Base sauces are used at curry houses to make all of the most popular curries on the menu.

Here you will find some of my favourite ways to make the curry house style base sauce/gravy.

There are so many base gravy recipes out there but these will get you results like you find at the best UK curry houses.

The base sauce is rather bland just like a chicken stock or vegetable stock is bland.

The magic happens when it hits the pan with all those other ingredients.

What does the finished base gravy/sauce look/taste like.

The finished product is quite thin like full fat milk.

When it hits the hot curry pan, it reduces down quickly because of all the vegetables that are in it.

When you try it, you will probably think this doesn’t taste like much.
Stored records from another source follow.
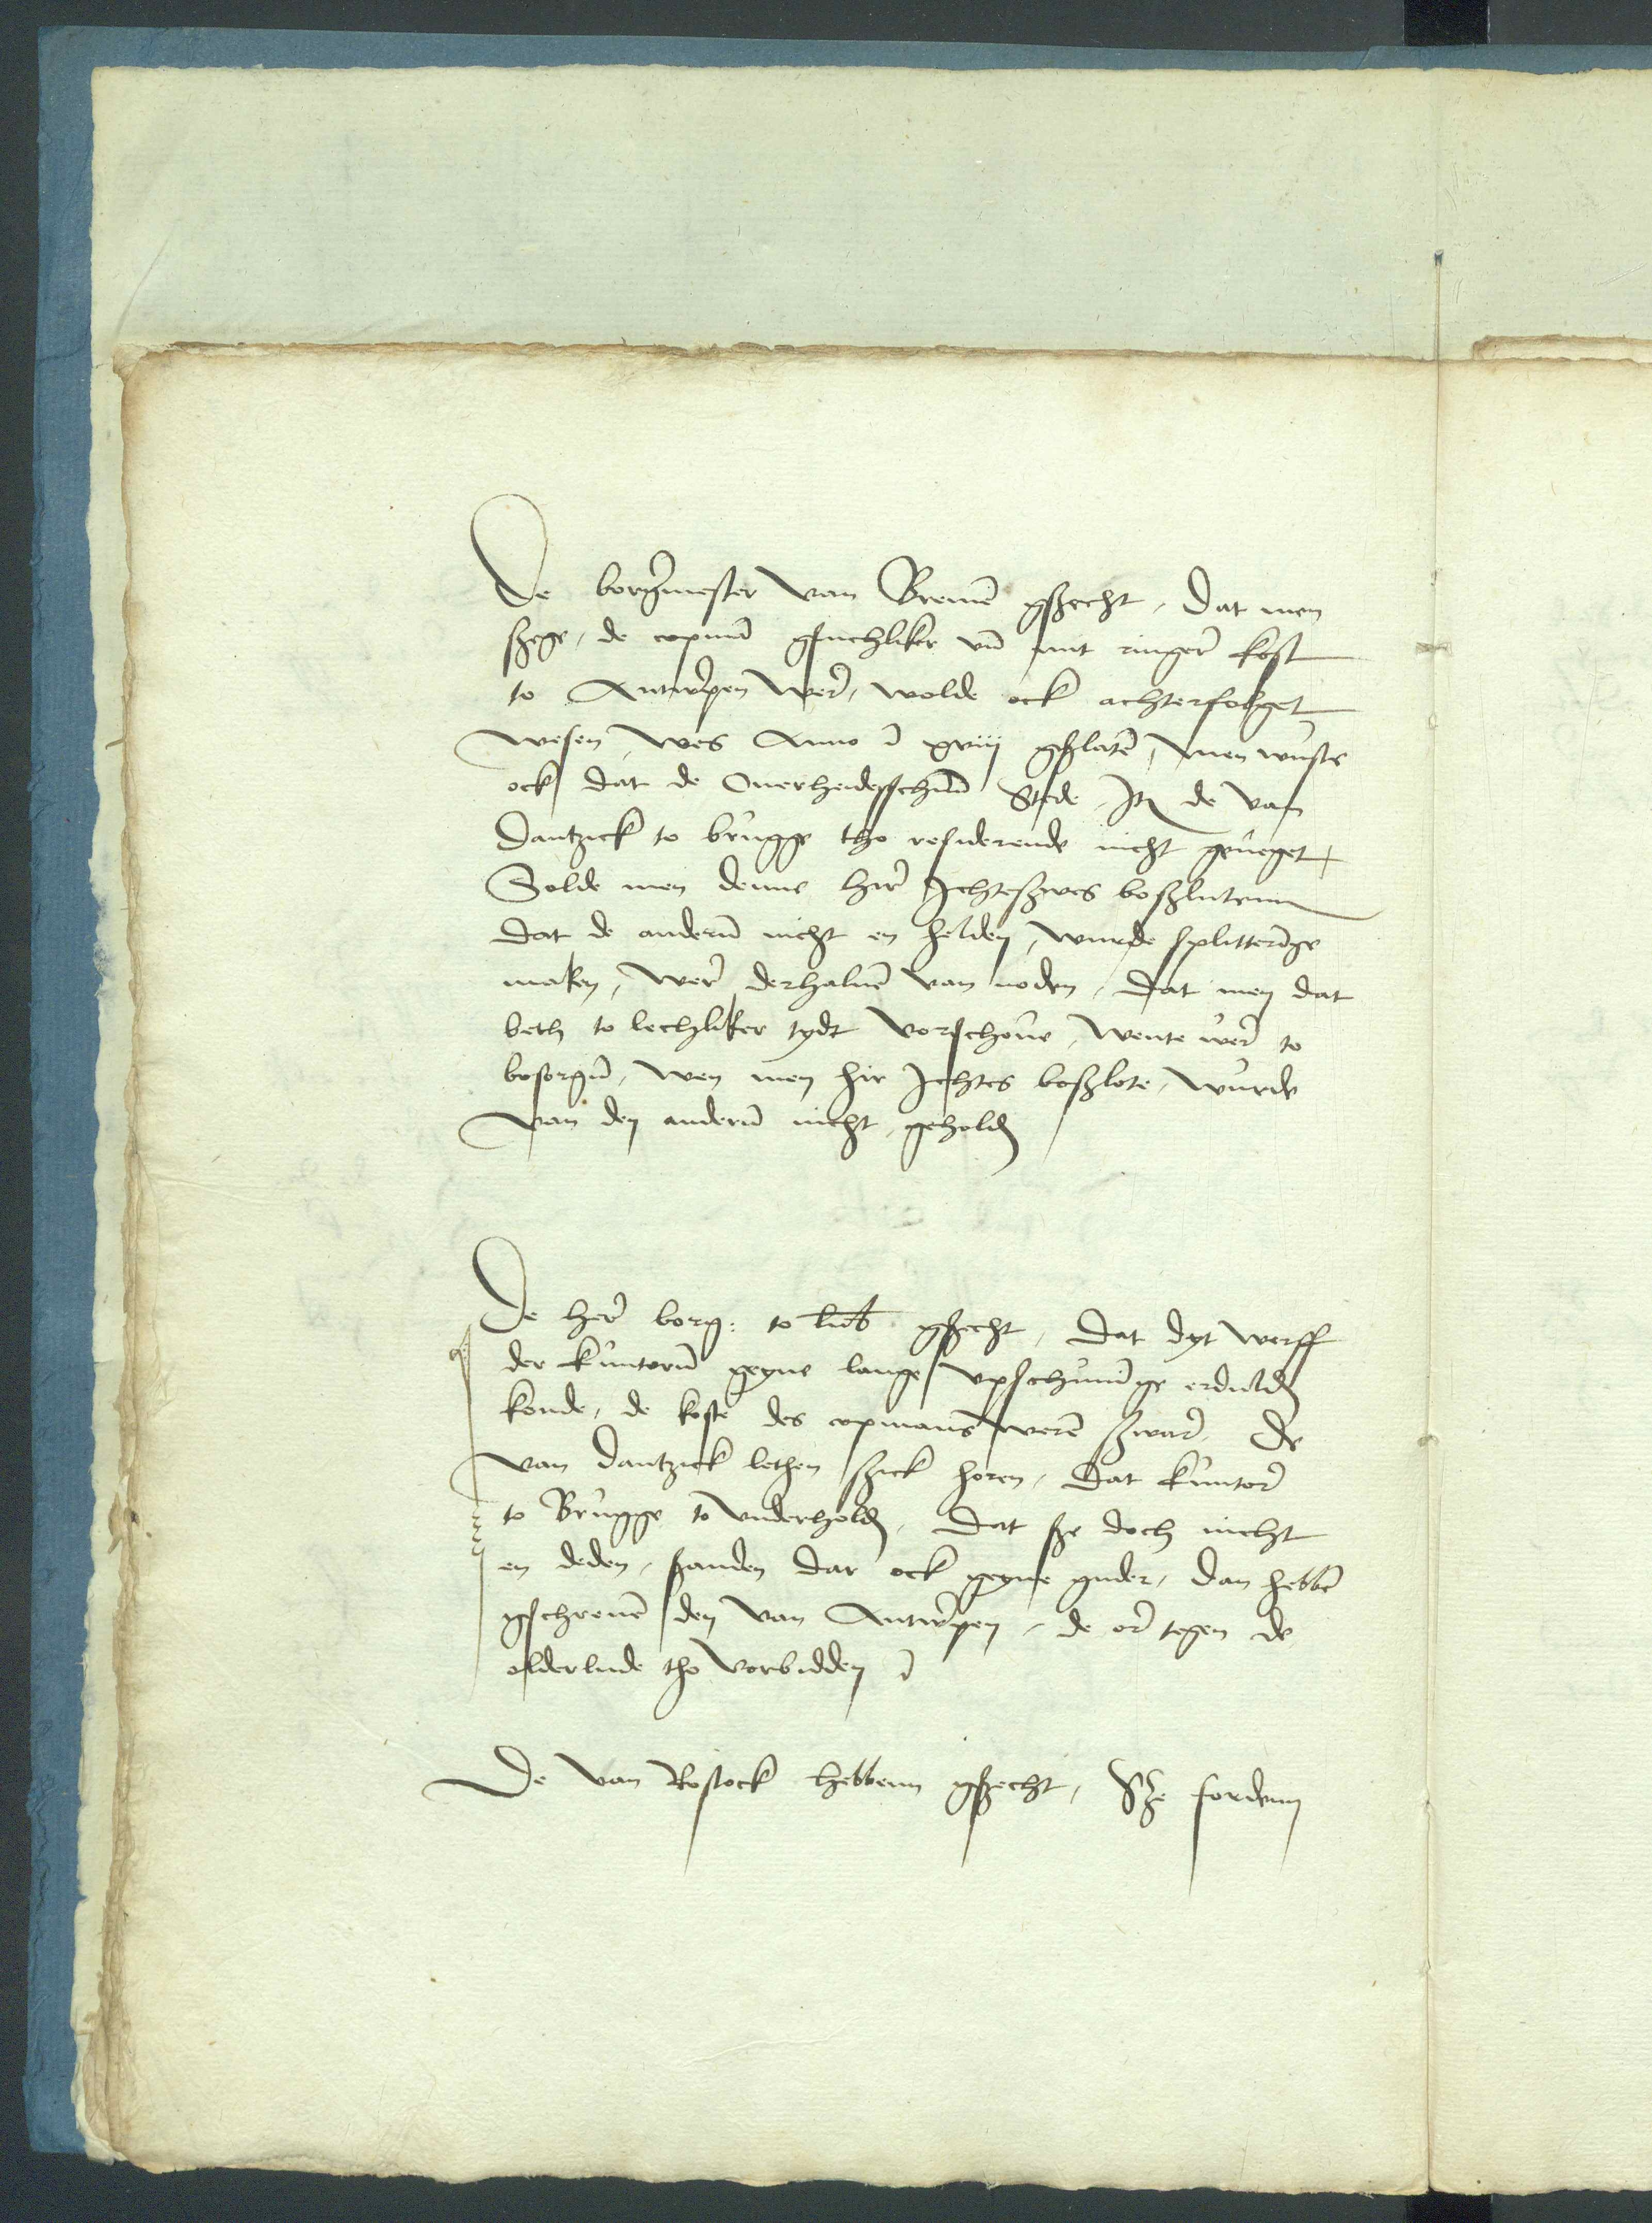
De borgermester van Bremen gßecht, dat men
ßege, de copman gfuchliker vnd mit ringer kost
to Antwerpen were, wolde ock achterfolget
wesen, wes Anno etcetera xviij gßlaten, men wuste
ock dat de Ouerheidesschen Stede Jtem de van
dantzick to brugge tho residerende nicht geneget
Solde men denne hir Jchteßwes boßlutenn
dat de anderen nicht en helden, wurde splitteringe
maken, were derhaluen van noden, dat men dat
beth to lechliker tydt vorscheue, wente were to
bosorgen, wen men hir Jchtes boßlote, wurde
van den anderen nicht geholden
De her borg: to Lubeck gsecht, dat dyt werff
der kuntoren geyner lange vpschuninge erdulden
konde, de koste des copmans weren ßwar de
van dantzick luthen ßick horen, dat kuntor
to Brugge to vnderholden, dat ße doch nicht
en deden, ßanden dat ock geyne guder, dan hebben
geschreuen den van Antwerpen, de ore tegen de
olderlude tho vorbidden etcetera
De van Rostock hebbenn gßecht, Sze fordenn

The base sauce needs to be bland as it is used in all the curry house favourites from mild korma to the spiciest phall.

How important is the curry base sauce?

Very! Unlike more traditional methods of cooking a curry, the base sauce was developed for speed, texture, economy and flavour.

Once made, you can whip up a delicious BIR style curry in less than 10 minutes!

When you cook a curry the authentic way, you have to finely chop onion, tomatoes, garlic, ginger… All of this takes a lot of time.

With this special sauce, all that work is done ahead of time. Just add it to your curry pan and let it help you to produce your favourite BIR curries.